• _Activity_: Extract the records below word for word and ignore the images.

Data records
·····

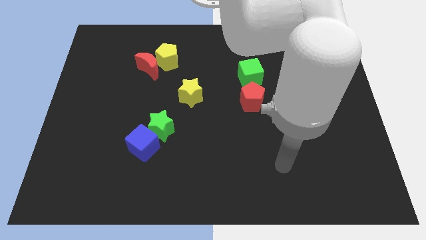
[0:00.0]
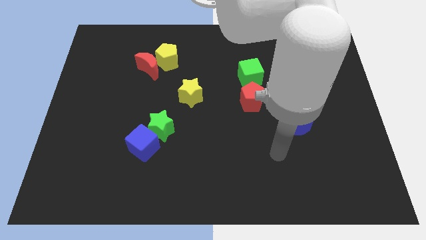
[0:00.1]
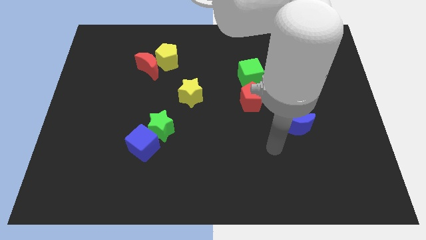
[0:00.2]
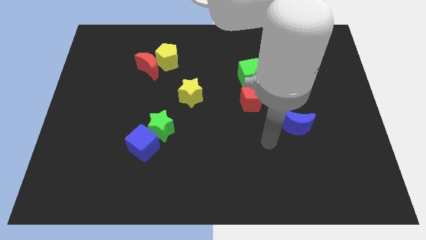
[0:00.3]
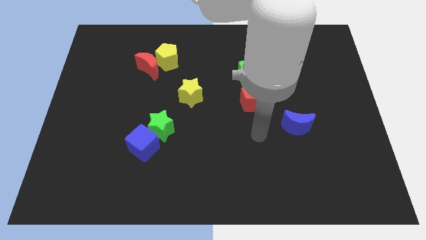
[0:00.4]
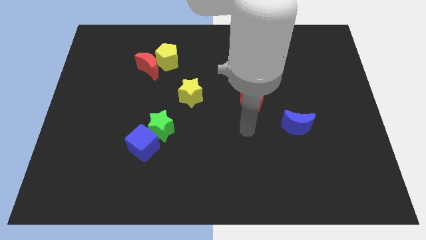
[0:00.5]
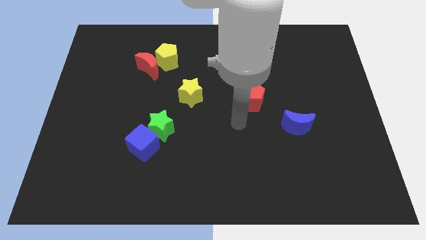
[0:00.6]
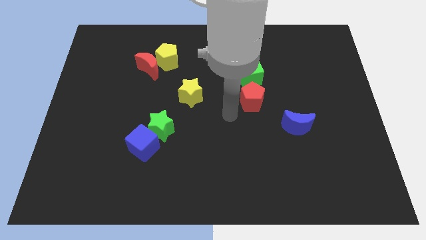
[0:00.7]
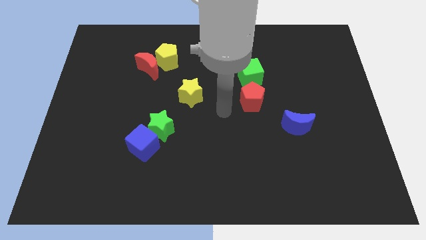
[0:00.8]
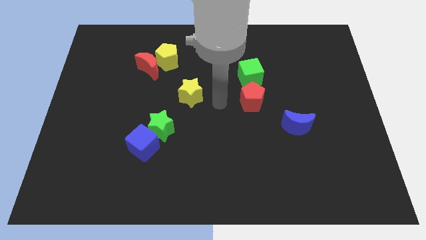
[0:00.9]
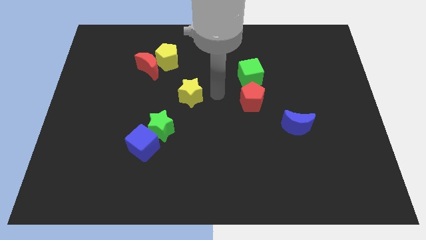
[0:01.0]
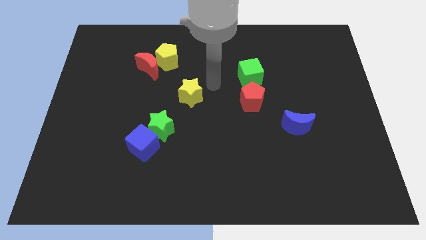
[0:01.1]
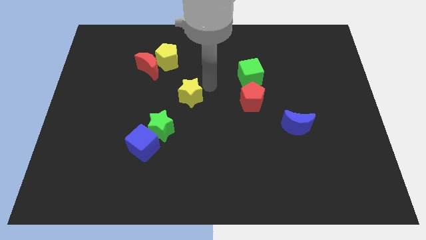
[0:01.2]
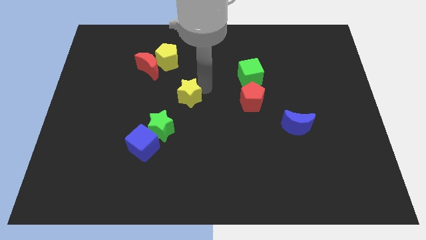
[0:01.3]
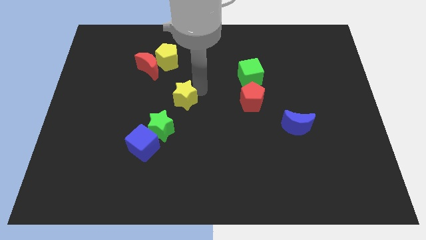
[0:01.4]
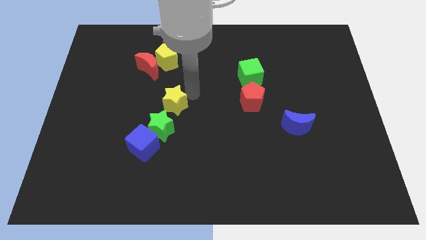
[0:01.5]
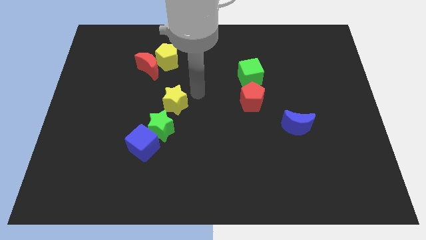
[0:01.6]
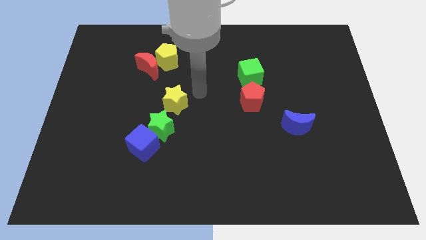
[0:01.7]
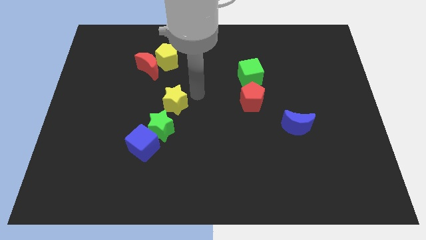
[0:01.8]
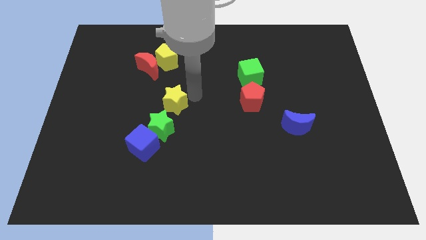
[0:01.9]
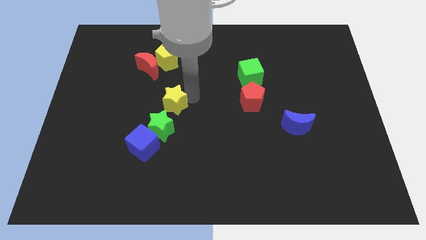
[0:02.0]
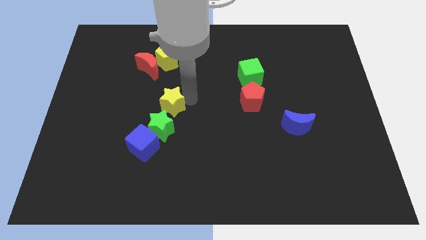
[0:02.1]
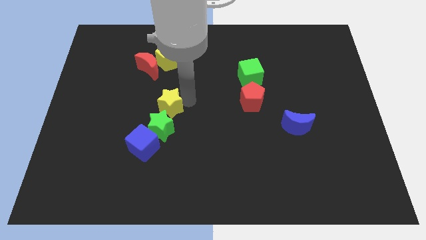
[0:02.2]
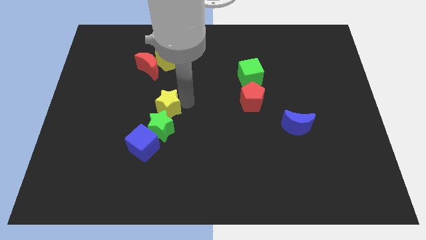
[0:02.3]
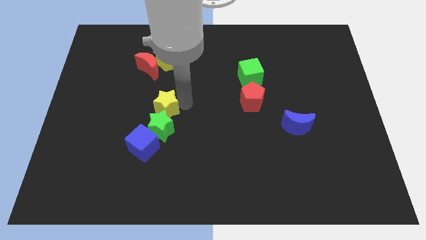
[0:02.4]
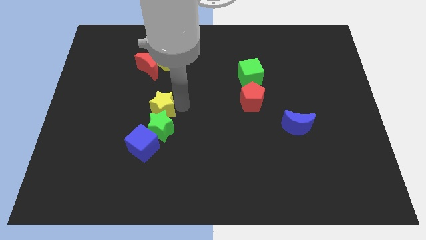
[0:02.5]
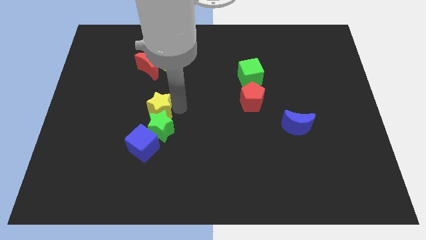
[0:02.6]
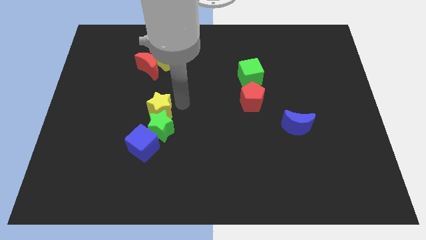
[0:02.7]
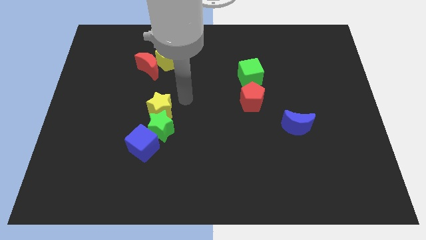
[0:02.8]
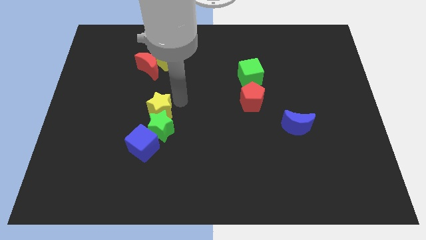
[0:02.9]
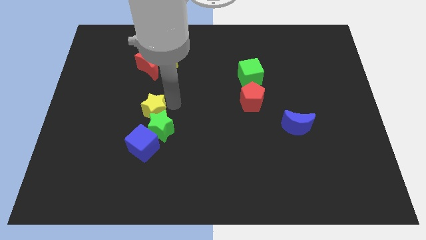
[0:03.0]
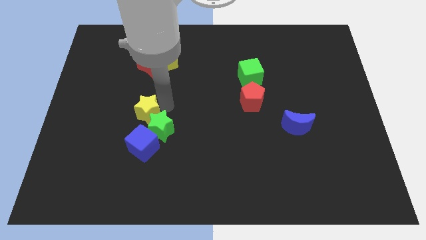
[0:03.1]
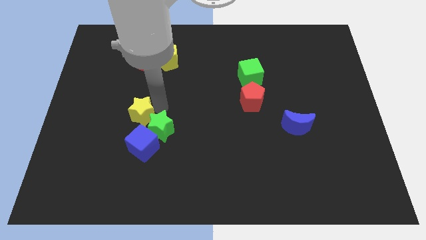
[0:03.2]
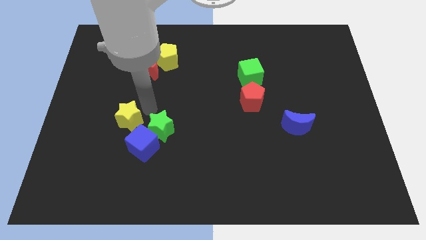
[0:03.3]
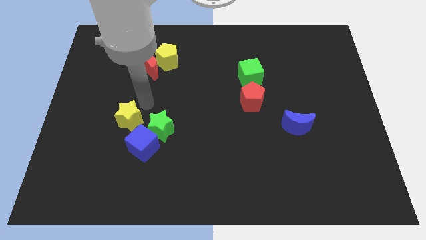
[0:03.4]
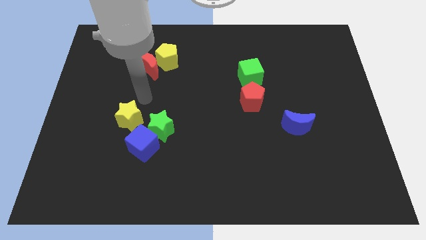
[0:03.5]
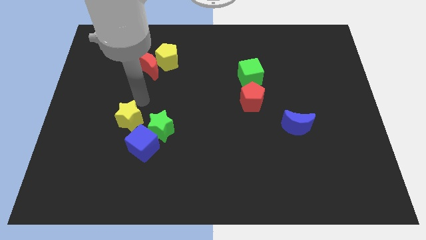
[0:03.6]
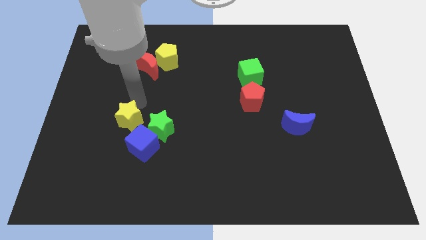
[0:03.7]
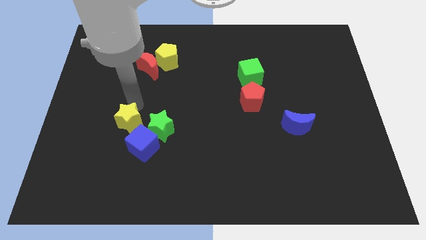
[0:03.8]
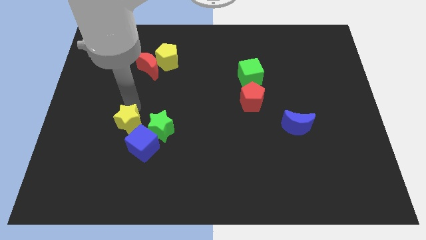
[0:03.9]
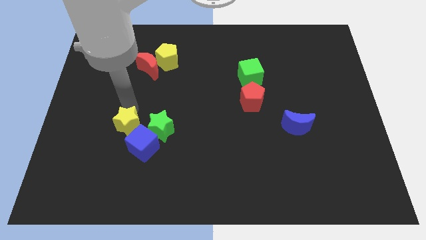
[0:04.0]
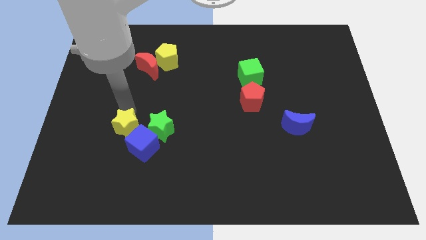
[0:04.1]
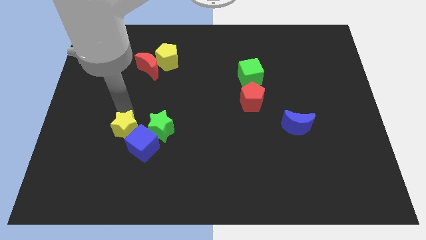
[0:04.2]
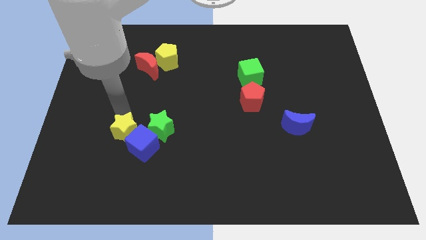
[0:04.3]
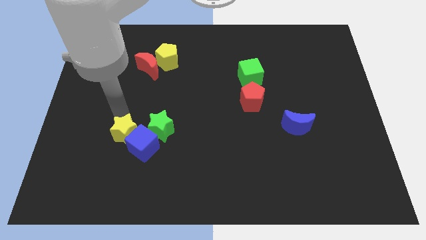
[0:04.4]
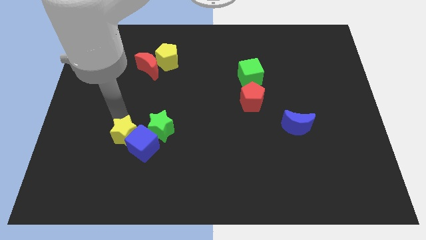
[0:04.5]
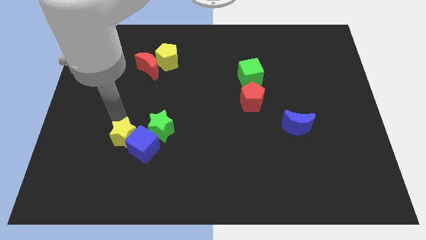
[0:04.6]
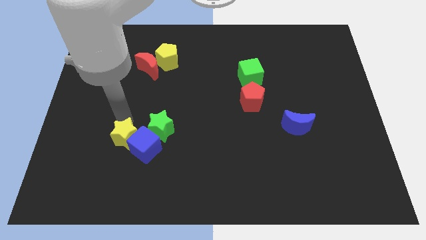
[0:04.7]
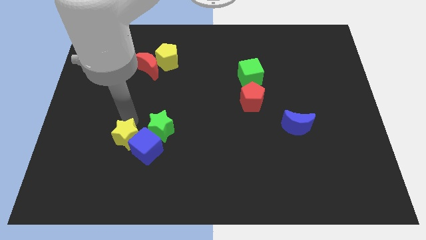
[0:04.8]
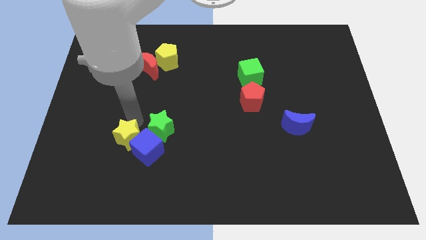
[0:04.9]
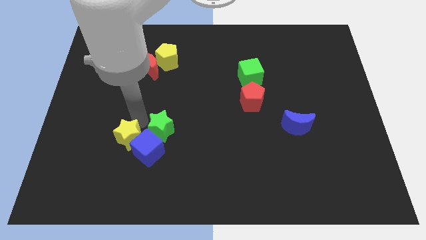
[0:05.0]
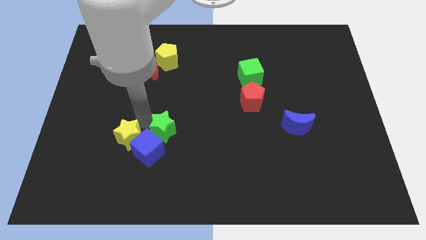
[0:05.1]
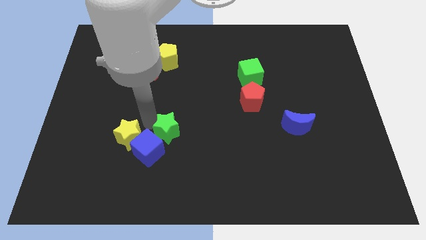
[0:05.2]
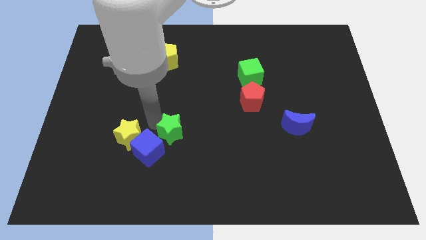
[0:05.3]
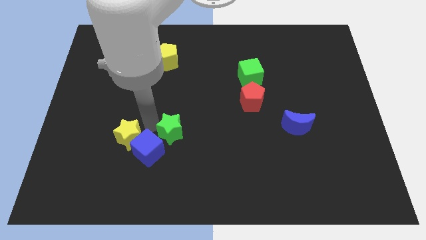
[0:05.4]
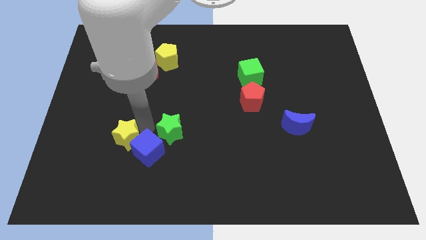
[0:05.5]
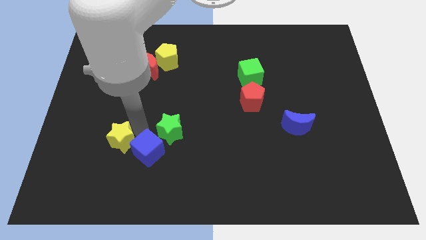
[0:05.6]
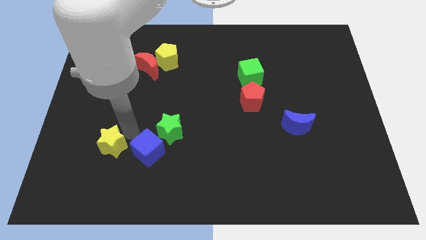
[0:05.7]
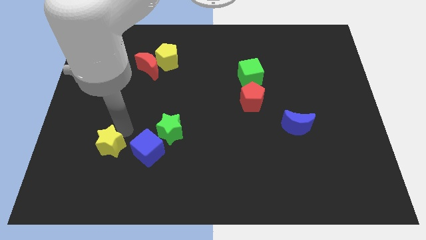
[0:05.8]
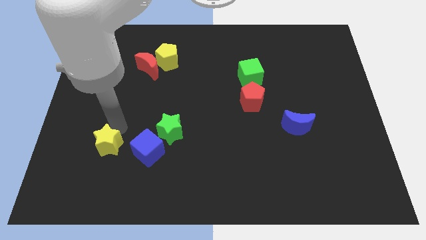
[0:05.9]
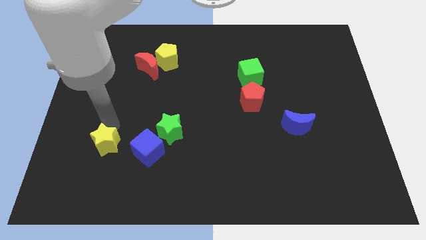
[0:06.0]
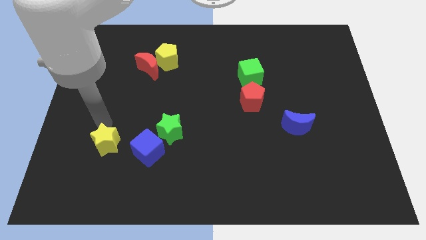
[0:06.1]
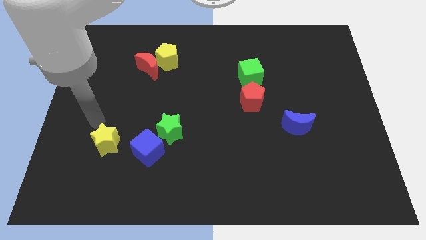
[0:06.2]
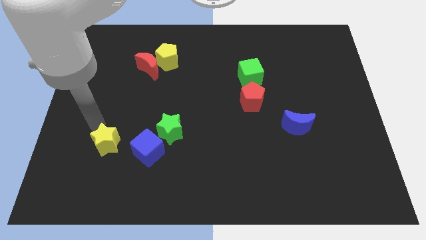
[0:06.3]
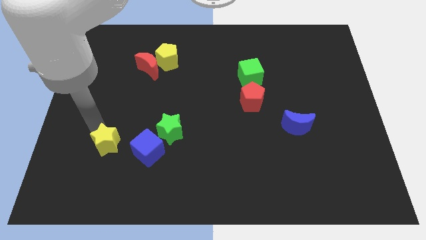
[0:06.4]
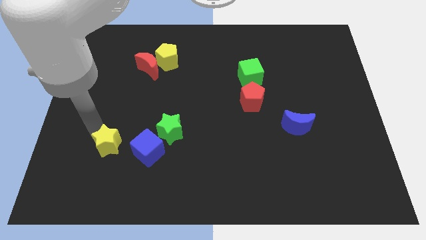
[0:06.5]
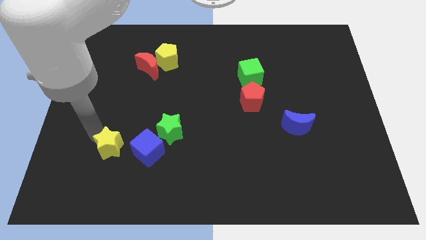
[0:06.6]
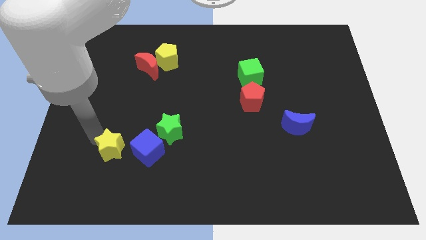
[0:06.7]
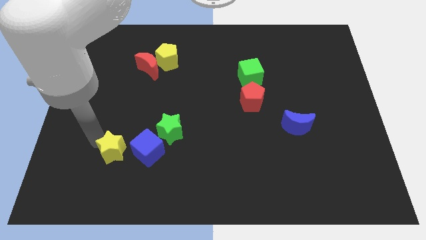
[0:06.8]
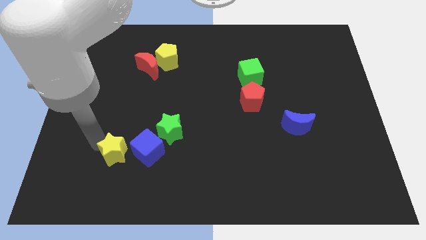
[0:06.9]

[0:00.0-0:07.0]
slide the yellow star diagonally down and to the left of the blue cube

·····

• _Exercise response_:
[0:00.0]
[0:00.1]
[0:00.2]
[0:00.3]
[0:00.4]
[0:00.5]
[0:00.6]
[0:00.7]
[0:00.8]
[0:00.9]
[0:01.0]
[0:01.1]
[0:01.2]
[0:01.3]
[0:01.4]
[0:01.5]
[0:01.6]
[0:01.7]
[0:01.8]
[0:01.9]
[0:02.0]
[0:02.1]
[0:02.2]
[0:02.3]
[0:02.4]
[0:02.5]
[0:02.6]
[0:02.7]
[0:02.8]
[0:02.9]
[0:03.0]
[0:03.1]
[0:03.2]
[0:03.3]
[0:03.4]
[0:03.5]
[0:03.6]
[0:03.7]
[0:03.8]
[0:03.9]
[0:04.0]
[0:04.1]
[0:04.2]
[0:04.3]
[0:04.4]
[0:04.5]
[0:04.6]
[0:04.7]
[0:04.8]
[0:04.9]
[0:05.0]
[0:05.1]
[0:05.2]
[0:05.3]
[0:05.4]
[0:05.5]
[0:05.6]
[0:05.7]
[0:05.8]
[0:05.9]
[0:06.0]
[0:06.1]
[0:06.2]
[0:06.3]
[0:06.4]
[0:06.5]
[0:06.6]
[0:06.7]
[0:06.8]
[0:06.9]

[0:00.0-0:07.0]
slide the yellow star diagonally down and to the left of the blue cube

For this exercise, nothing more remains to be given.